A bit of background. We have been experiencing bad performance for certain searches in Jackrabbit using Lucene. I always knew that sorting on terms not in the Jackrabbit Lucene index was a bad thing, but never looked much further than that until now.

The query that was problematic is

//*[@sling:resourceType='sakai/user-home'] order by  public/authprofile/basic/elements/lastName/@value

ie find all nodes of sling:resourceType = sakai/home and sort the result by a child node. On small sets of searches this appears reasonable, what happens when the numbers scale up, and what happens to alternative queries. Eg no sorting or sorting on a property

//*[@sling:resourceType='sakai/user-home']

of the target node.

//*[@sling:resourceType='sakai/user-home'] order by @lastName

So I loaded an instance with upto 6K user-home nodes, and then loaded with 6K non user-home nodes and did some experiments, graph below.

[

[

[

Pretty clear that the search based on child node does not scale at all and is not concurrent. Further investigation reveals that the sort operation has to load the child nodes inside the Lucene scorer direct from the JCR. with ACLs this is about 120K nodes. With > 1K nodes the LRU caches inside Jackrabbit are overloaded and none of the fetches are from cache, which is the underlying cause of the concurrency issue. In JR 2.1.1 the Persistence Manager is synchronized and so loads are sequential in the JVM. 4 threads all have to wait for one another to load the same data from the DB. Why this code was ever sequential I cant quite see, presumably because a non JDBC Persistence manager might need to be synchronized.
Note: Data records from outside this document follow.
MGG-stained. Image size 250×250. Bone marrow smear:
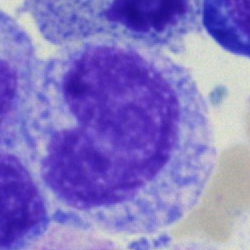 Specimen: bone marrow aspirate smear.
Classification: promyelocyte.
Lineage: myeloid.
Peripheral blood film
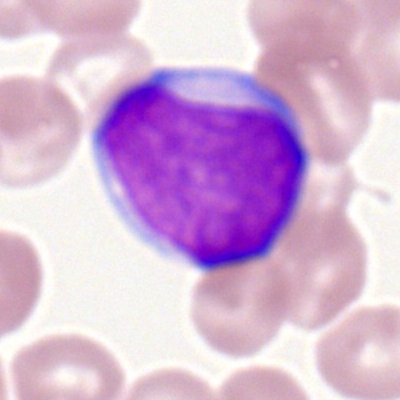 The cell type is myeloid blast.
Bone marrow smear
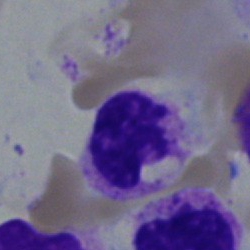Morphology → segmented neutrophil.
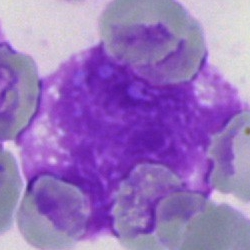
Showing an artefact.
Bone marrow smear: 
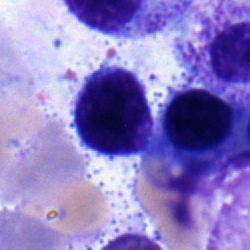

All of that aside, don’t even think about doing anything in a Jackrabbit search that references anything not on the target node, at even the smallest scale it wont perform, and don’t be fooled by a test on 100 items. Anyone who is using Lucene directly will know thats obvious; one of the dangers of a powerful query abstraction. Give a developer enough rope to hang themselves with, and they will.

The solution in this case, publish the sort order property to the node that will be sorted to get it into the index so its value can be used to sort in a simple Lucene Scorer that doesn’t access JCR at all.